Sebab manusia juga harus saling bersaing untuk memperebutkan sumber daya alam yang terbatas, karena tabiat manusia ada yang baik dan ada yang buruk. Keberadaan tabiat buruk manusia inilah yang membuat politik terjerumus pada penurunan artikulasi makna dimana politik di asosiakan dengan perilaku yang tidak terpuji untuk memperebutkan kekuasaan.
Upaya untuk mewujudkan kedaulatan rakyat tersebut, dalam Negara demokrasi disebutkan salah satu cara yang dapat ditempuh adalah dengan jalan pelaksanaan pemilihan umum, di mana rakyat diberikan kesempatan yang sama untuk menggunakan hak politiknya. Juga merealisasikan Pemilu berkualitas dan berintegritas tentu banyak tantangan yang akan di hadapi.
Seperti halnya kampanye di Indonesia belum benar-benar menjadi sarana pendidikan politik untuk warga. Masa kampanye sepanjang perjalanan masi dominan di isi oleh sensasi di banding subtansi. Masa kampanye belum menjadi ajang adu gagasan dan program, melainkan hanya seputar pertarungan isu-isu yang muncul di permukaan.
Lantas bagaimana dengan pelaksanaan Pemilu di Indonesia 2024 nanti…?
Belajar dari pelaksanaan Pemilu 2019 yang banyak menyisakan polemik, mulai dari masa kampanye yang terlalu lama, penyebaran hoax saat masa kampanye, pelaksanaan logistic Pemilu, di mana secara Nasional ada 10.520 TPS yang mengalami kekurangan logistic Pemilu, kotak suara yang diterima KPPS tidak disegel terjadi di 6. 474 TPS, Surat suara yang tertukar antara daerah pemilihan atau antar TPS, dimana berdasarkan data Bawaslu kasus ini terjadi di 3. 411 TPS, penanganan Daftar Pemilih Tetap Hasil Perbaikan Tahap 3 (DPThp 3) yang dilakukan oleh KPU baru tuntas pada tanggal 8 april 2019, yaitu 9 hari sebelum hari pencoblosan.

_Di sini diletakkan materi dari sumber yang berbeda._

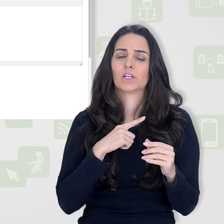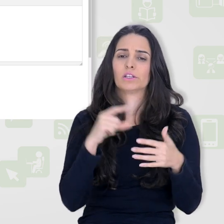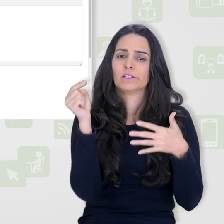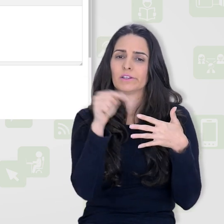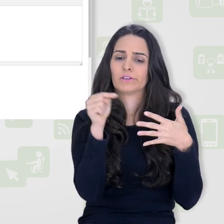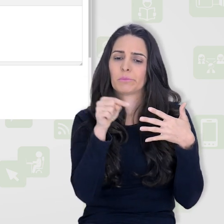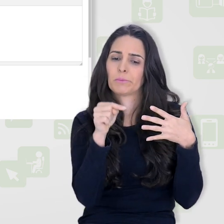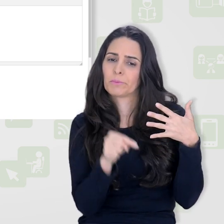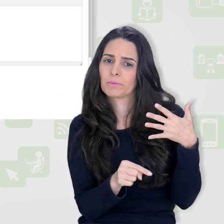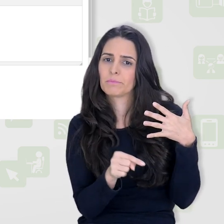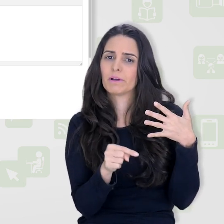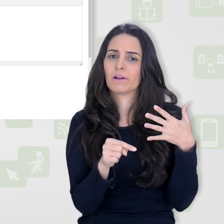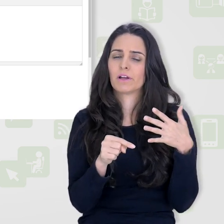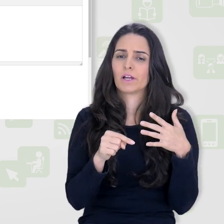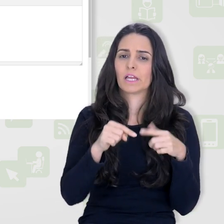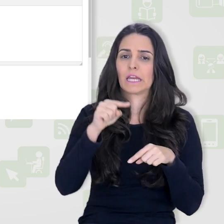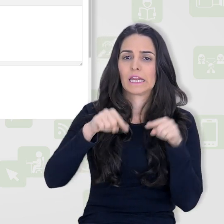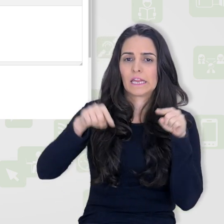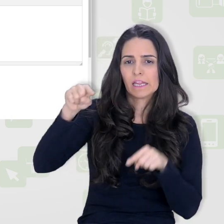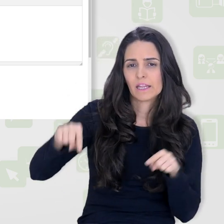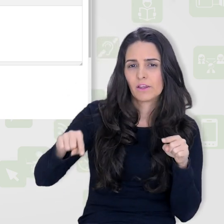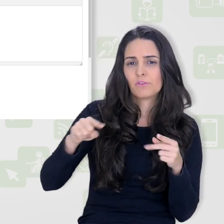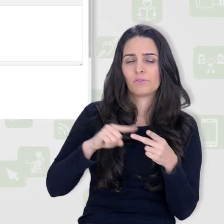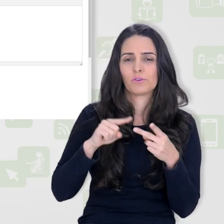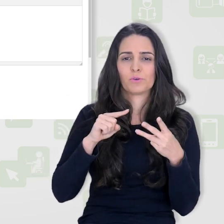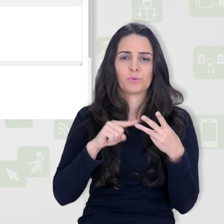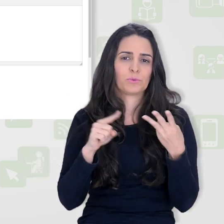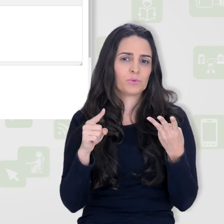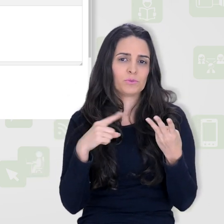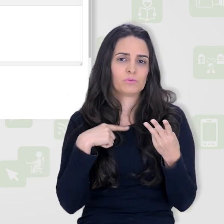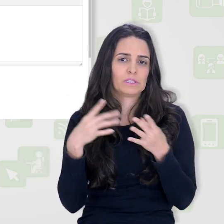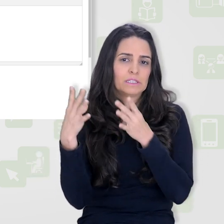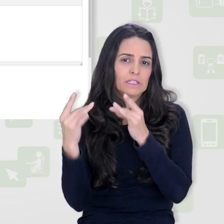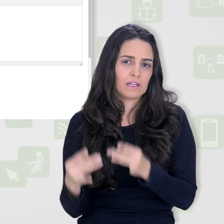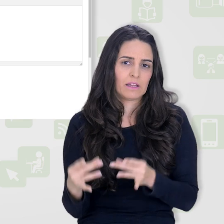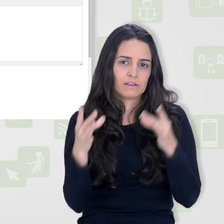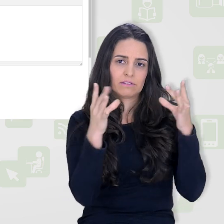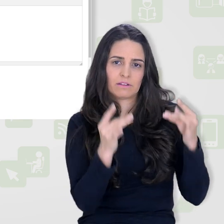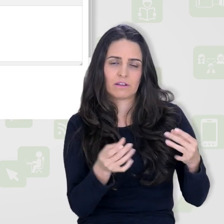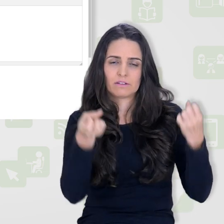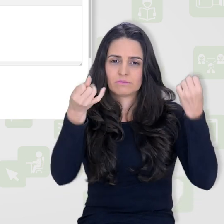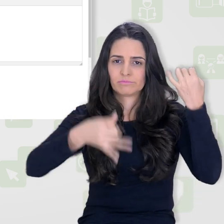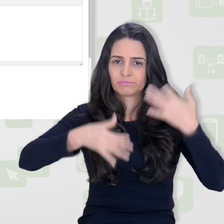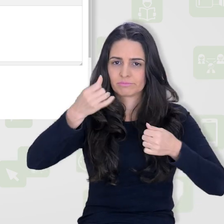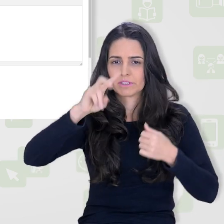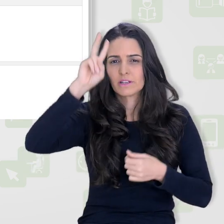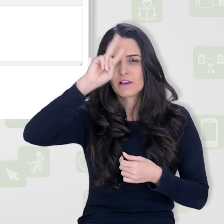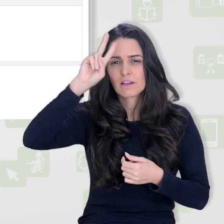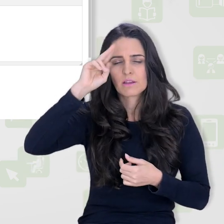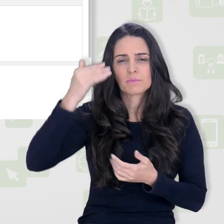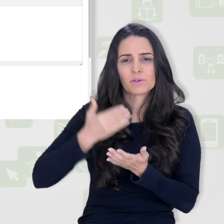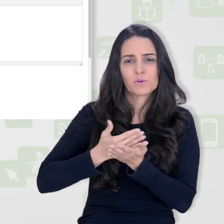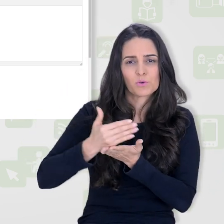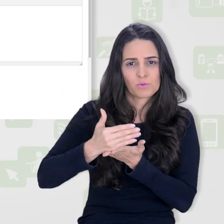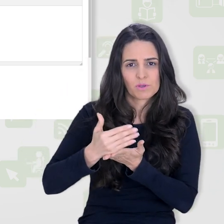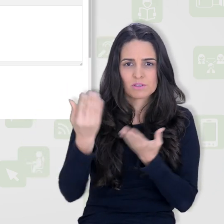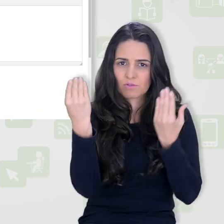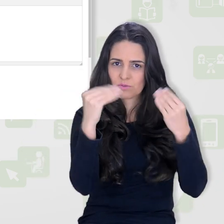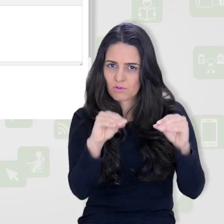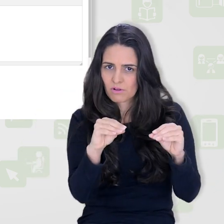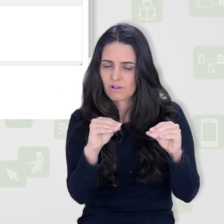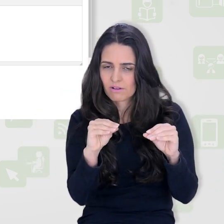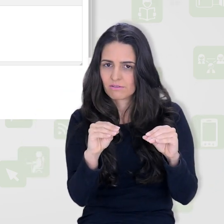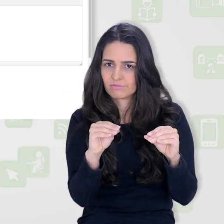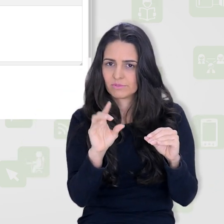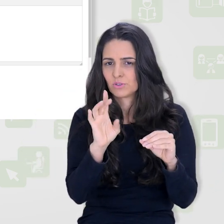níveis, a descrição de cada nível. Aqui eu vou colocar aqueles critérios que nós tínhamos lá no início da atividade, só para
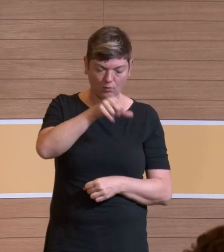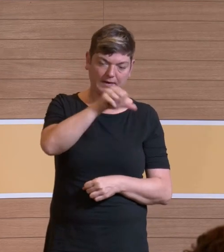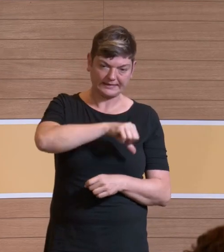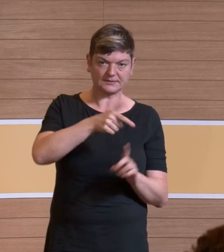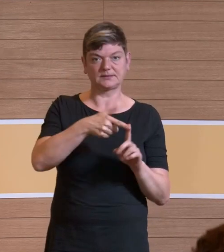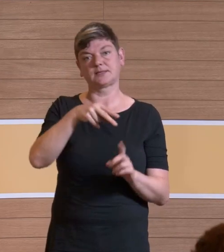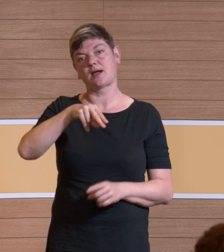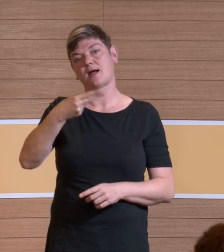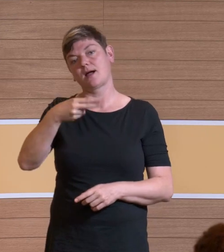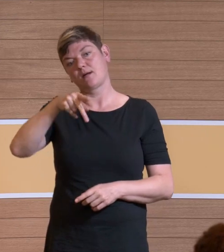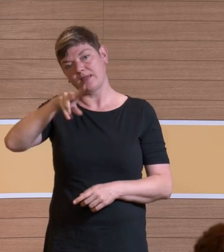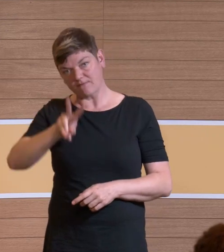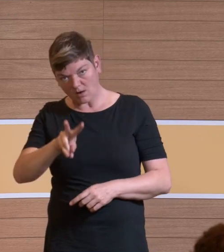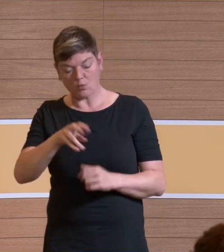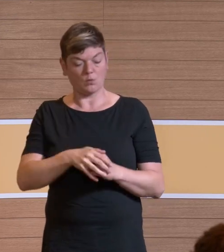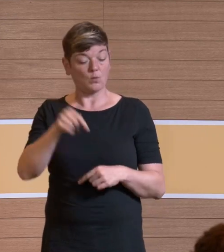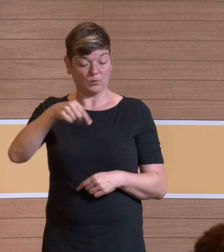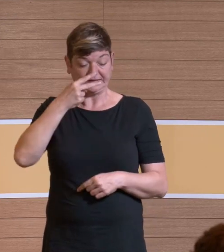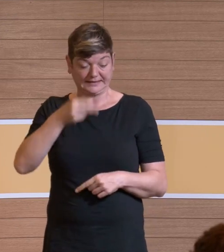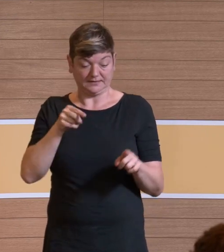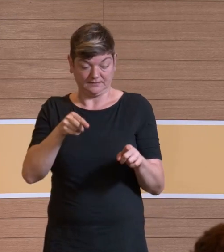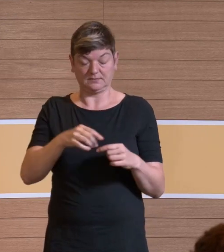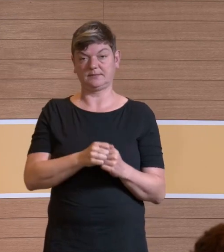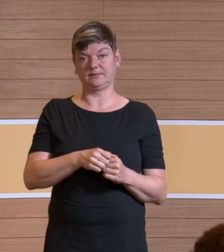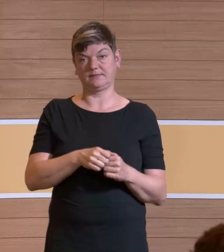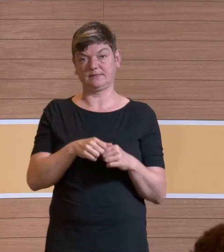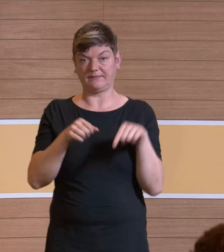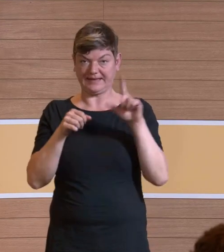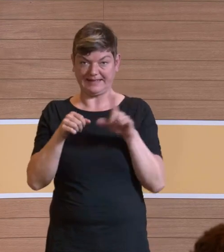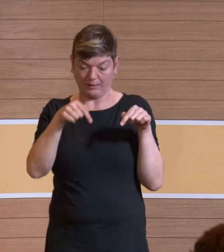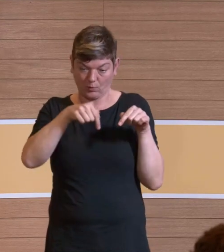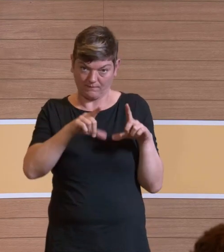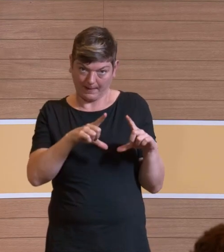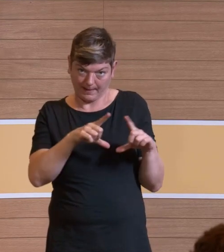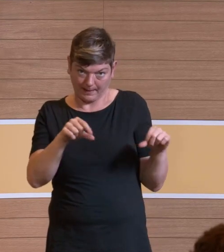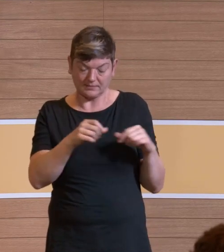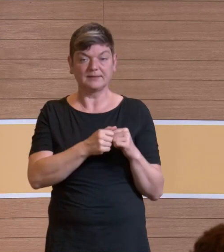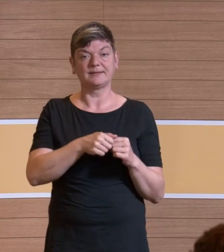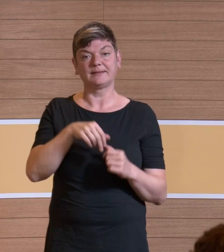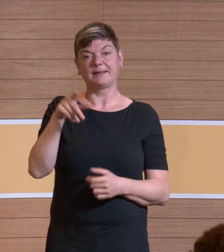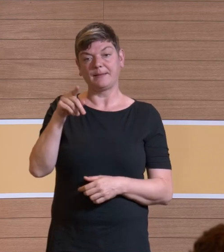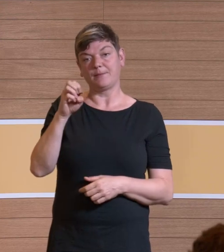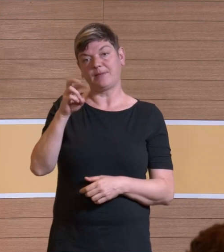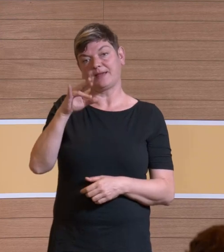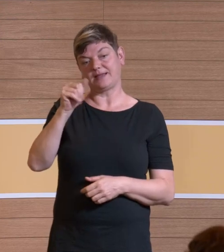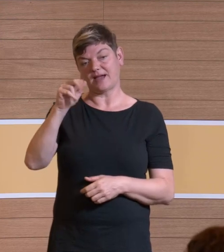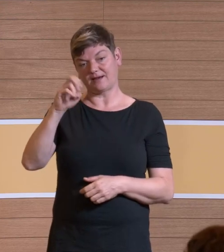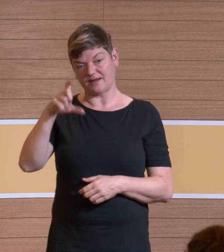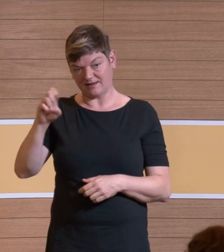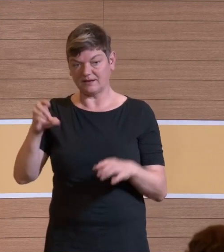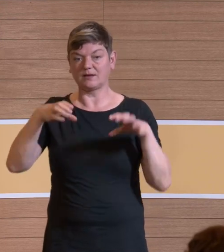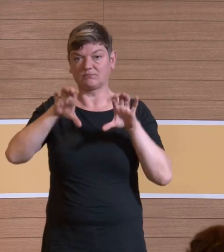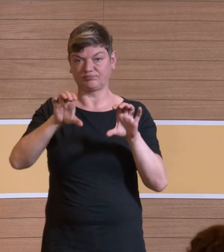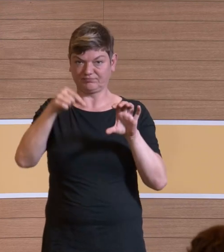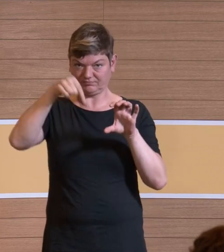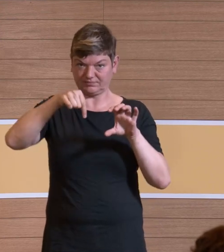HPV. HPV ist das, was Sie da unten sehen. Auf dem linken kleinen Foto, das sind perianale Kondylome, also Standardeingriff

Berarti mundur 21 hari dari jadwal yang di tetapkan KPU, yaitu 19 maret 2019. Juga berbagai kepentingan kelompok maupun individu, politisasi birokrasi, maraknya politik uang, serta tingginya intensitas pemilu. Perhitungan hingga lamanya waktu rekapitulasi di tiap TPS yang sangat lama, sehingga banyak anggota KPPS yang mengalami sakit dan meninggal dunia. Banyak pemilih yang tidak terdaftar di tiap TPS, namun banyak pemilih yang bisa ikut mencoblos pada 2019 kemarin. Meskipun demikian hal tersebut, bukan berarti kesimpulannya bahwa Pemilu serentak tidak dapat dilaksanakan di Indonesia.
Dalam konteks permasalahan di atas memperlihatkan kelemahan institusi pemerintah dalam pelaksanaan Pemilu, maka diperlukan formulasi baru untuk menghindarkan Pemilu dari bias kepentingan elit, tidak hanya secara Nasional tetapi paling terpenting adalah upaya menemukan formulasi baru dalam menjaga kondisi demokrasi yang sehat ditingkat daerah.
Perbaikan demokrasi ke arah yang dicita-citakan masyarakat tentunya menjadi tugas institusi pemerintah, tetapi juga memerlukan partisipasi aktif masyarakat secara luas. HPMI-GU merupakan bagian dari masyarakat demokrasi yang memikul tanggung jawab moral sebagai wujud dari masyarakat akademis dalam hal ini adalah Masyarakat akademis Gorontalo Utara.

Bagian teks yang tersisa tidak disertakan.